Not promoting the diamondback brand or product but i do like this dualsport idea for those who want something that's in the middle without the dedication of either and want a bicycle that can do everything at a leisurely pace and not in 'attack mode' all the time.


----------



## hardwarz (Jun 12, 2009)

Just Another John said:


> Fwiw, I purchased a Performance Bicycle "exclusive" Diamondback Trace Sport for $375 promotional sale as a re-entry level bike.


Performance Bike sold out of those the day we went there to buy one for my wife. I stepped up to a GT Transeo 2.0. great bike, but not a mountain bike. She'll use it as a comfortable pavement/path bike.


----------



## Just Another John (Apr 29, 2011)

hardwarz said:


> Performance Bike sold out of those the day we went there to buy one for my wife. I stepped up to a GT Transeo 2.0. great bike, but not a mountain bike. She'll use it as a comfortable pavement/path bike.

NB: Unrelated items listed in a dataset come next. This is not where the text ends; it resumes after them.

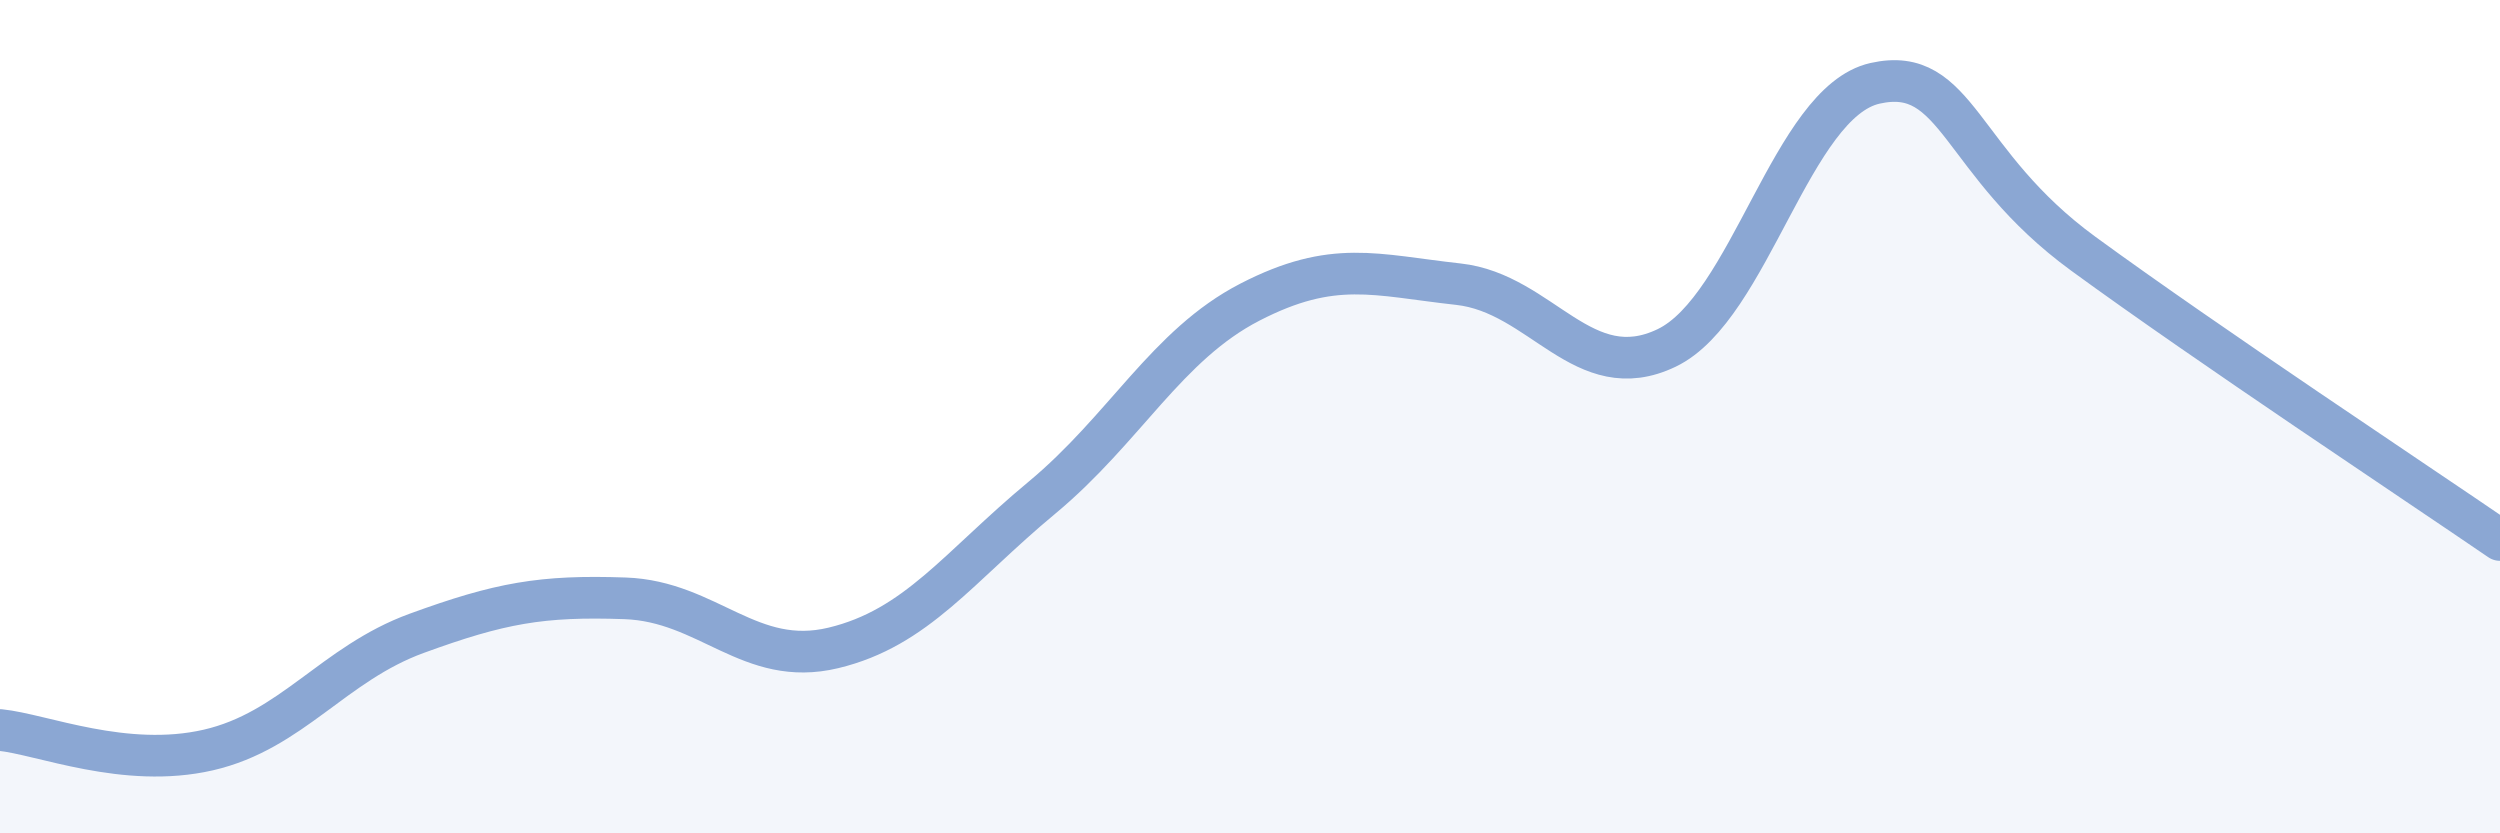 
    <svg width="60" height="20" viewBox="0 0 60 20" xmlns="http://www.w3.org/2000/svg">
      <path
        d="M 0,17.52 C 1,17.62 3,18.46 5,18 C 7,17.54 8,15.93 10,15.2 C 12,14.47 13,14.29 15,14.36 C 17,14.43 18,16.03 20,15.55 C 22,15.07 23,13.61 25,11.95 C 27,10.29 28,8.28 30,7.25 C 32,6.22 33,6.6 35,6.82 C 37,7.04 38,9.31 40,8.35 C 42,7.39 43,2.45 45,2 C 47,1.55 47,3.9 50,6.09 C 53,8.28 58,11.59 60,12.96L60 20L0 20Z"
        fill="#8ba7d3"
        opacity="0.1"
        stroke-linecap="round"
        stroke-linejoin="round"
      />
      <path
        d="M 0,17.52 C 1,17.62 3,18.46 5,18 C 7,17.54 8,15.93 10,15.2 C 12,14.47 13,14.29 15,14.36 C 17,14.43 18,16.03 20,15.55 C 22,15.07 23,13.61 25,11.95 C 27,10.29 28,8.28 30,7.25 C 32,6.22 33,6.6 35,6.82 C 37,7.04 38,9.31 40,8.35 C 42,7.39 43,2.45 45,2 C 47,1.55 47,3.9 50,6.09 C 53,8.28 58,11.59 60,12.96"
        stroke="#8ba7d3"
        stroke-width="1"
        fill="none"
        stroke-linecap="round"
        stroke-linejoin="round"
      />
    </svg>
  
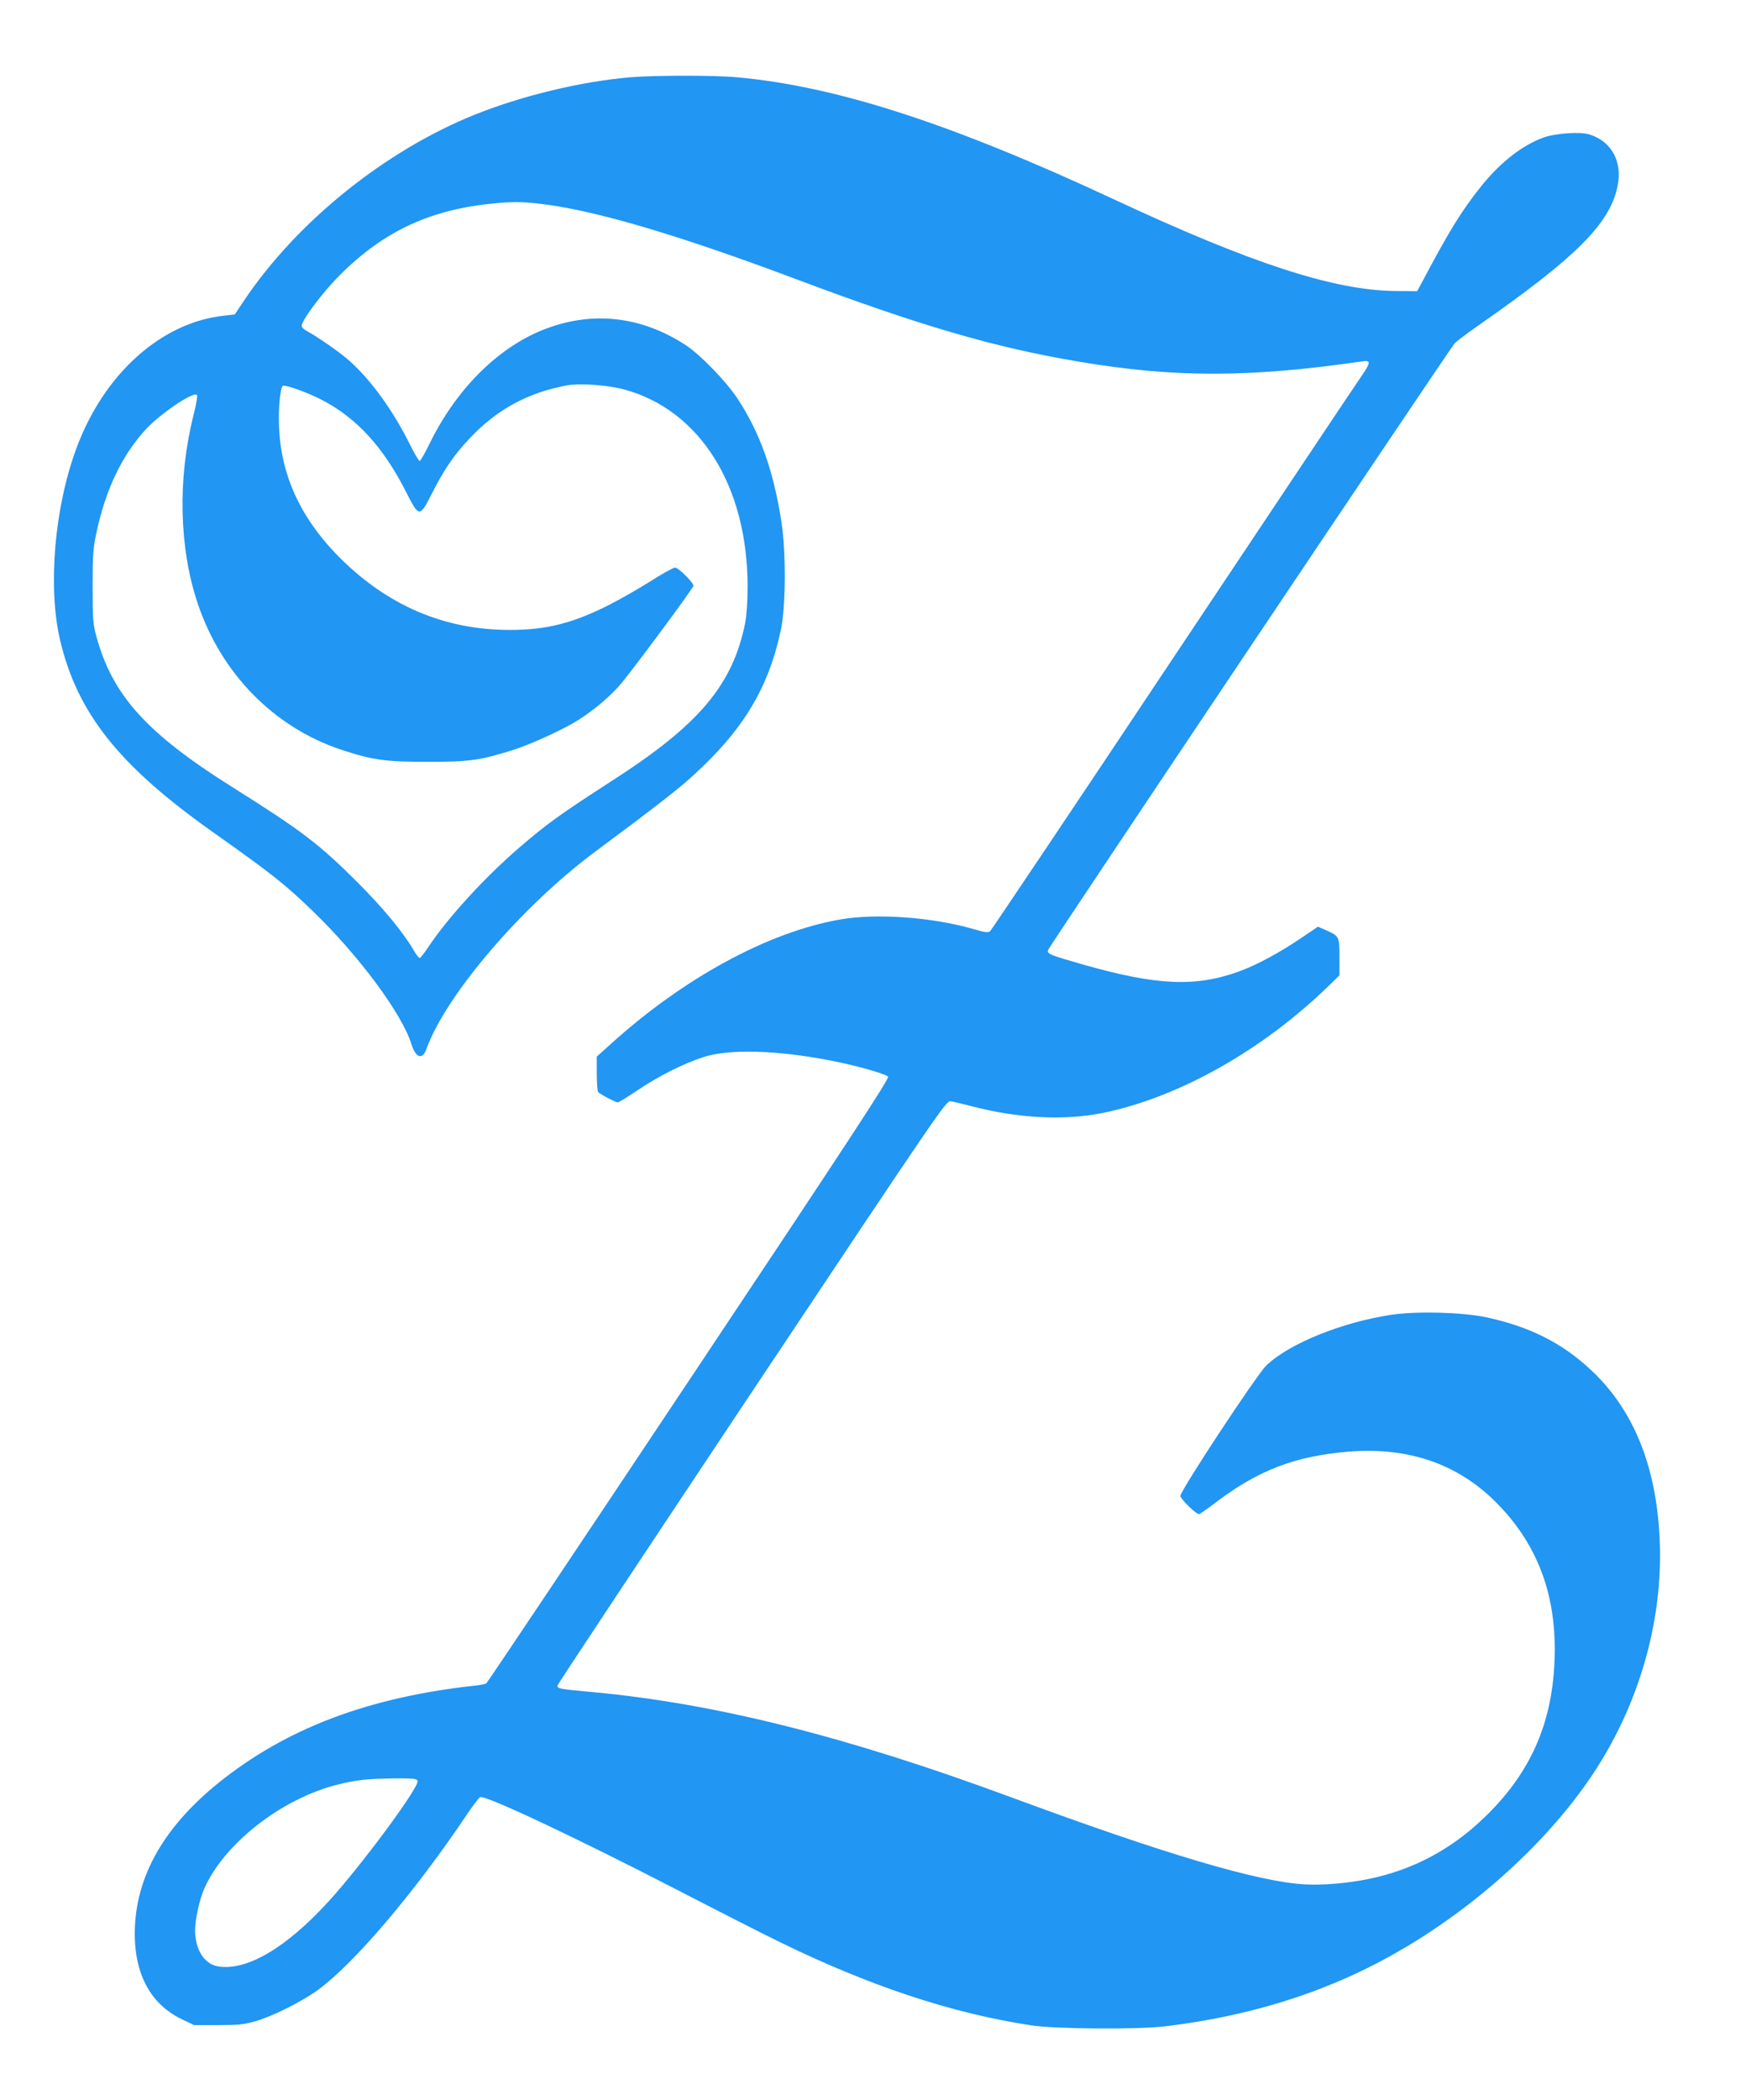 <?xml version="1.0" standalone="no"?>
<!DOCTYPE svg PUBLIC "-//W3C//DTD SVG 20010904//EN"
 "http://www.w3.org/TR/2001/REC-SVG-20010904/DTD/svg10.dtd">
<svg version="1.0" xmlns="http://www.w3.org/2000/svg"
 width="1065pt" height="1280pt" viewBox="0 0 1065 1280"
 preserveAspectRatio="xMidYMid meet">
<g transform="translate(0,1280) scale(0.1,-0.1)"
fill="#2196f3" stroke="none">
<path d="M3845 12329 c-303 -26 -659 -112 -949 -228 -547 -220 -1083 -651
-1406 -1131 l-58 -87 -63 -7 c-384 -40 -735 -354 -903 -809 -134 -361 -175
-845 -100 -1167 105 -447 359 -766 929 -1170 365 -258 446 -322 619 -490 278
-269 539 -622 595 -804 26 -84 67 -99 91 -33 118 330 583 873 1030 1205 369
274 505 380 592 459 311 282 465 537 541 893 30 141 32 471 4 655 -48 315
-132 550 -273 762 -67 100 -222 260 -307 316 -276 183 -584 215 -883 93 -276
-113 -526 -366 -685 -693 -28 -57 -54 -103 -59 -103 -6 0 -35 50 -65 111 -101
201 -233 383 -362 498 -55 50 -193 146 -261 183 -18 9 -32 23 -32 31 0 35 130
208 235 312 270 269 555 400 947 436 98 9 155 9 244 0 333 -34 842 -182 1599
-466 745 -280 1205 -414 1712 -499 584 -99 1041 -99 1731 1 56 8 55 -5 -9 -98
-29 -41 -545 -814 -1149 -1719 -603 -905 -1103 -1650 -1111 -1657 -12 -9 -33
-7 -99 13 -253 73 -592 98 -815 59 -441 -77 -958 -358 -1407 -766 l-78 -70 0
-102 c0 -56 4 -107 8 -113 8 -12 106 -64 121 -64 5 0 59 33 120 74 129 87 281
163 401 202 158 51 450 43 782 -22 145 -28 327 -79 345 -97 10 -10 -247 -402
-1214 -1852 -674 -1012 -1231 -1843 -1237 -1847 -6 -4 -36 -10 -66 -13 -653
-71 -1152 -260 -1566 -592 -326 -263 -497 -556 -511 -878 -12 -273 88 -469
286 -564 l76 -36 145 0 c120 0 159 4 225 23 109 31 282 118 385 192 223 163
593 599 910 1072 36 53 71 100 79 103 33 13 595 -252 1226 -578 236 -122 502
-257 590 -300 558 -274 1064 -441 1550 -514 150 -22 650 -25 815 -5 402 49
762 145 1096 292 577 253 1144 715 1486 1210 311 450 466 1001 428 1526 -29
417 -168 742 -416 973 -176 165 -376 265 -639 321 -144 31 -420 38 -573 16
-304 -45 -627 -175 -768 -310 -59 -57 -524 -762 -524 -795 0 -18 95 -111 113
-111 5 0 56 35 113 79 257 192 477 275 801 302 360 29 660 -73 892 -303 272
-269 390 -604 360 -1027 -25 -360 -160 -647 -427 -902 -201 -194 -435 -318
-704 -373 -127 -26 -276 -39 -388 -33 -283 15 -857 185 -1795 532 -1002 370
-1798 570 -2548 640 -216 20 -220 21 -215 43 3 10 537 815 1187 1791 1134
1701 1183 1773 1209 1768 15 -2 72 -16 127 -30 287 -75 568 -89 803 -41 461
94 973 382 1375 773 l67 65 0 112 c0 126 -1 128 -83 164 l-48 21 -102 -69
c-128 -87 -270 -164 -377 -203 -269 -98 -504 -87 -960 43 -199 57 -214 63
-207 87 5 19 2449 3664 2480 3698 11 12 77 62 146 110 594 414 800 619 847
846 32 150 -35 275 -170 317 -56 18 -207 8 -280 -18 -130 -47 -261 -149 -378
-293 -120 -149 -199 -276 -372 -604 l-22 -40 -134 1 c-373 4 -877 168 -1705
554 -1001 467 -1705 695 -2312 749 -140 13 -501 12 -648 0z m-38 -1903 c463
-126 753 -589 753 -1201 0 -96 -6 -177 -15 -225 -77 -376 -280 -617 -805 -955
-327 -211 -403 -266 -575 -414 -208 -179 -432 -424 -549 -599 -26 -40 -52 -72
-56 -72 -5 0 -22 21 -37 48 -65 111 -187 258 -342 413 -233 233 -342 316 -761
579 -524 329 -734 560 -832 920 -21 77 -23 106 -23 305 0 191 3 234 23 327 56
262 153 466 296 625 86 96 295 238 317 216 5 -5 -4 -60 -21 -125 -97 -385 -88
-806 25 -1144 142 -427 464 -756 873 -893 192 -64 272 -75 532 -75 258 0 318
9 525 74 111 36 310 127 396 183 99 63 204 154 261 224 104 128 438 580 438
592 0 20 -92 111 -112 111 -11 0 -76 -36 -145 -80 -69 -44 -183 -109 -253
-145 -225 -114 -386 -155 -610 -155 -402 0 -751 150 -1048 451 -244 249 -363
526 -361 844 0 93 11 180 23 192 11 11 144 -36 236 -83 214 -110 380 -290 520
-569 75 -148 81 -149 152 -8 75 148 137 240 231 339 169 179 355 280 596 325
80 14 247 2 348 -25z m-1260 -8482 c13 -35 -341 -514 -543 -735 -262 -287
-504 -427 -678 -395 -81 15 -136 104 -136 218 0 68 27 190 56 255 121 275 471
548 812 634 116 29 183 36 340 38 121 1 144 -1 149 -15z"/>
</g>
</svg>

I see you have the DB Insight RS. A Performance Bike exclusive as well (fenders/rack)? I bought one for the wife . Thing is quick! I rode it and almost brought the Trace back for the Insight.. I now ride it when my wife's not around even though it's 2 sizes small for me. I really like it.


----------



## hardwarz (Jun 12, 2009)

Just Another John said:


> I see you have the DB Insight RS. A Performance Bike exclusive as well (fenders/rack)? I bought one for the wife . Thing is quick! I rode it and almost brought the Trace back for the Insight.. I now ride it when my wife's not around even though it's 2 sizes small for me. I really like it.


I really like my Insight RS. Last years model has SRAM X.4 shifters and rear derailleur. It's definitely a great flat handled road bike.


----------